The impression is that it dates the commencement of a new era in warfare, and that Great Britain must consent to begin over again[587]." The victory of the _Monitor_ was relatively unimportant in British eyes, but a fight between two completely armoured ships, and especially the ease with which the _Merrimac_ had vanquished wooden ships on the day previous, were cause of anxious consideration for the future.
Russell was more concerned over the immediate lessons of the battle.
"Only think," he wrote, "of our position if in case of the Yankees turning upon us they should by means of iron ships renew the triumphs they achieved in 1812-13 by means of superior size and weight of metal[588]." This, however, was but early and hasty speculation, and while American ingenuity and experiment in naval warfare had, indeed, sounded the death-knell of wooden ships of war, no great change in the character of navies was immediately possible.

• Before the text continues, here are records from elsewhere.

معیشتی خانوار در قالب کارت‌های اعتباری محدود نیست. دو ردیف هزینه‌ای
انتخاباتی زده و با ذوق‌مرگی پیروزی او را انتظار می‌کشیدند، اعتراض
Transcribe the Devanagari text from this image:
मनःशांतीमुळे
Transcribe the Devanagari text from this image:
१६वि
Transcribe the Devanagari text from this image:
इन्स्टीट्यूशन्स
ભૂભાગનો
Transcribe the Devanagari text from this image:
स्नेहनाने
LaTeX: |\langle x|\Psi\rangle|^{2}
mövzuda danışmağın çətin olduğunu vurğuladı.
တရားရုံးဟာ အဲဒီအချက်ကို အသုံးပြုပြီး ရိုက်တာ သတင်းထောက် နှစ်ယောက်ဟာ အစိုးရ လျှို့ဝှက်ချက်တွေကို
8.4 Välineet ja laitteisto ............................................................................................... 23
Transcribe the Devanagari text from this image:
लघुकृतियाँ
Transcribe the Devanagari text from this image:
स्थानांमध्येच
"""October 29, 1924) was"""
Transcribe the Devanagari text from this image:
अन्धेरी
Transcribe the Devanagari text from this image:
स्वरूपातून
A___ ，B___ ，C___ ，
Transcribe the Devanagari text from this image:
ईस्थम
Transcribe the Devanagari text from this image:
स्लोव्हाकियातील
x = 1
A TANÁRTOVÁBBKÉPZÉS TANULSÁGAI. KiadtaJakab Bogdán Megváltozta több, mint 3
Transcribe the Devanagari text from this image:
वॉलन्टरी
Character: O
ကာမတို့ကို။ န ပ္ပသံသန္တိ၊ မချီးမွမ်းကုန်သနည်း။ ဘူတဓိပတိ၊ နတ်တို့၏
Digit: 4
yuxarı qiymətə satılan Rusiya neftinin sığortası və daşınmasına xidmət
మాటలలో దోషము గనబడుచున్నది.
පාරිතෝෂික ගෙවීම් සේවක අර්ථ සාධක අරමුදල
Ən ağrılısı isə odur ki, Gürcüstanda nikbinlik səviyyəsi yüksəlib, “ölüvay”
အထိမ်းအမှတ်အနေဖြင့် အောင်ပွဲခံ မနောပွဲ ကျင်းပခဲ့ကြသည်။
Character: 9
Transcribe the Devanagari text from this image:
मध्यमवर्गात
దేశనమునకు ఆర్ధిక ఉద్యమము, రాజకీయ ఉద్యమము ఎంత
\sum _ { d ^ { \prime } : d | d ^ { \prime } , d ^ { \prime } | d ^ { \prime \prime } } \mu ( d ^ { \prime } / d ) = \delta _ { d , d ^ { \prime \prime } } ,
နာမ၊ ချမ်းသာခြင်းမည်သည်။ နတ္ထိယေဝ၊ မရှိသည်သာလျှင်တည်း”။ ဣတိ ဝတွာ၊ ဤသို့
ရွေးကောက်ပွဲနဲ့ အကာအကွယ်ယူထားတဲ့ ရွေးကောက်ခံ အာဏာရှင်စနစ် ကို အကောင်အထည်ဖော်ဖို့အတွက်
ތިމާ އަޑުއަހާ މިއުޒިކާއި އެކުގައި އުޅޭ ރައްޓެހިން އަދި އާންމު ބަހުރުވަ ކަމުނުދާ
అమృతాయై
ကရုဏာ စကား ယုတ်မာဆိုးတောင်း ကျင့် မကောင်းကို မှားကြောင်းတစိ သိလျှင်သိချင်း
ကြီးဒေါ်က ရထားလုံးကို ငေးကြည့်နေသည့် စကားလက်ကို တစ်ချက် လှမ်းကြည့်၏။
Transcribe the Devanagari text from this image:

Moreover British shipbuilders could surely keep pace in iron-clad construction with America or any other nation.

The success of the _Monitor_ was soon regarded by the British Government as important mainly as indicative of a new energy in the North promising further and more important successes on land.

The Government hoped for such Northern success not because of any belief that these would go to the extent of forcing the South into submission, for they were still, and for a long time to come, obsessed with the conviction that Southern independence must ultimately be achieved.